Quantum computing has hit the spotlight. This breakthrough technology keeps surpassing the hard limits that surround conventional silicon computing technology. That being said, there are still major hurdles to undertake. One of the most vexing is that we don't even truly fully understand quantum phenomenon yet. To understand why, we have to look back.
Compared to the quantum realm, the world of classical physics is easy to understand. Rockets, bullets, and race-cars are designed from understanding equal and opposite reactions. When Newtonian laws of physics were first presented, it was a long, long time before a different idea of physics would begin to challenge it's primacy. We simply weren't far enough along in mathematics, or many of the sciences to see that there were conditions when particles didn't act as simply as billiard balls.
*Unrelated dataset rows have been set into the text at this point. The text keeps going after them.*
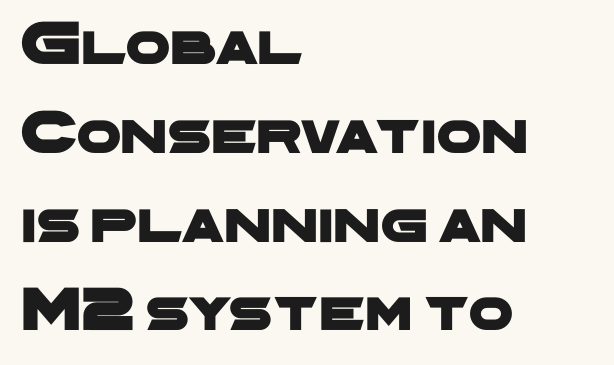
The image shows 63 px wide sans-serif type; set left-aligned, normal line spacing (1.41x), normal letter spacing, not underlined; low stroke contrast and a medium x-height.
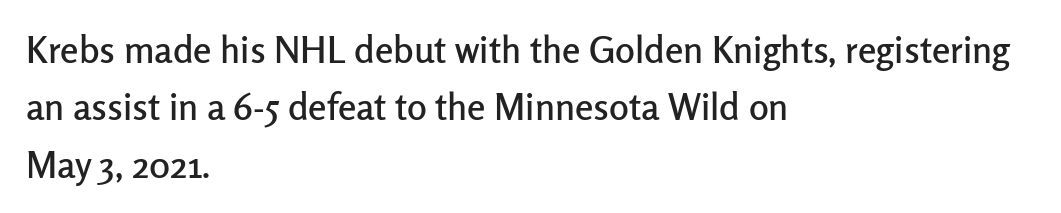
The image shows 37 px sans-serif type, upright; set left-aligned, normal line spacing (1.55x), normal letter spacing, not underlined; low stroke contrast and a medium x-height.
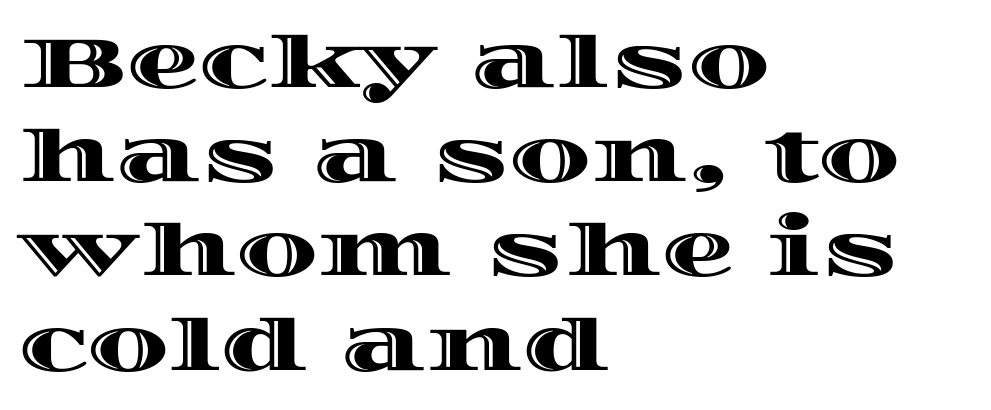
Posture: upright roman. There is no visible air inserted between adjacent glyphs. The passage shown is typed in a proportional face where columns would drift. The rows are spaced the way most documents space them. These lines are set flush left with a ragged right edge. Descenders hang freely into open space.
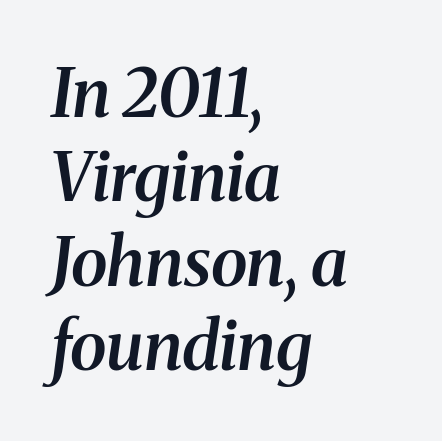
Quick note: underline off. When letters slant like this, we call the style italic. Varying glyph widths throughout — classic text-font behaviour. A semibold gives these letters moderate extra thickness, short of bold. Here the glyphs are tracked normally, forming tight word shapes. Visually the block forms a straight wall on the left and a jagged coastline on the right.

The ideas that challenged the billiard ball notion, developed into what's become known as quantum physics. The basis of most of quantum physics came from physical uncertainties which predominate the atomic world. Wave particle duality was discovered to be fact, experimentally. Many of the phenomenon seen to occur on the particle level seemed to happen by chance. Most of the quantum laws that were formulated seem to reflect that. Some of the great thinkers in science during the early years of quantum theory even suggested that nature was ruled by probability waves.
Then, just as quantum laws started to be the basis of breakthroughs, such as the transistor and the laser, many suggested that Lorentz equations of regular fluid dynamics would apply equally well. Experimentally, this has actually been verified in a limited sense. But there is a hitch. It doesn't apply to quantum entanglement. The independent experimental verification of entanglement and supplemental facts (such as the newly verified speed of entanglement) have been routinely ignored by those launching the attack against the quantum revolution in thought.
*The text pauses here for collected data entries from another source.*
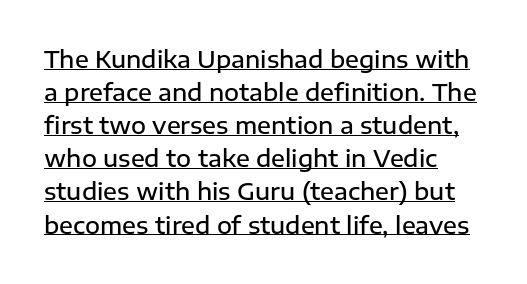
Q: Is the text bold? A: Semi-bold.
Q: Is the text italic (slanted)? A: No, it is upright.
Q: Is the text underlined? A: Yes.
Q: How is the paragraph aligned? A: Left-aligned.
Q: Is the spacing between letters normal or unusually wide? A: Normal.
Q: Is the spacing between lines tight, normal or loose? A: Normal.
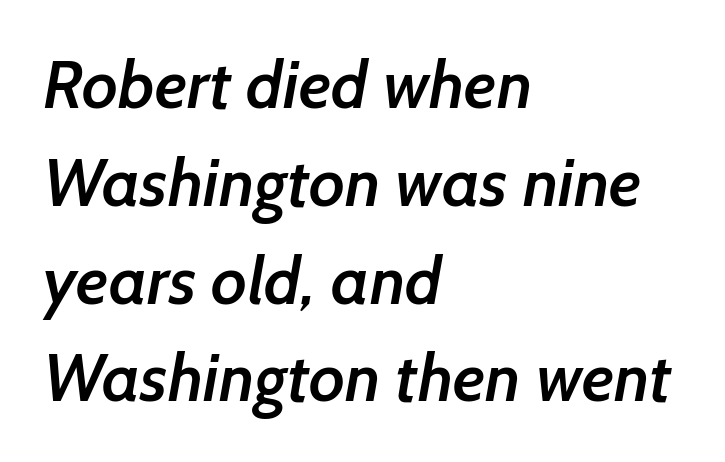
The image shows 67 px semibold sans-serif type; set left-aligned, normal line spacing (1.46x), normal letter spacing, not underlined; low stroke contrast and a medium x-height.

Another revolution is occurring within quantum physics itself, before the final breakthroughs in quantum computing and other quantum technologies present themselves. This is the quantum information theory. As string theory challenges the standard model, it also has the potential of updating and renewing quantum theory.
My Own Contribution
As a string vibrates, as it is predicted to do, interactions with space-time would cause the formation of an indeterminate wave. This quantum information wave is of such phenomenal importance that it should be named as the string and the quark were before it. I would call it the "quib." Quantum information bit.
When the facts become clearer, I hope that my humble submission and predictions will be considered by those formulating the next great quantum theory.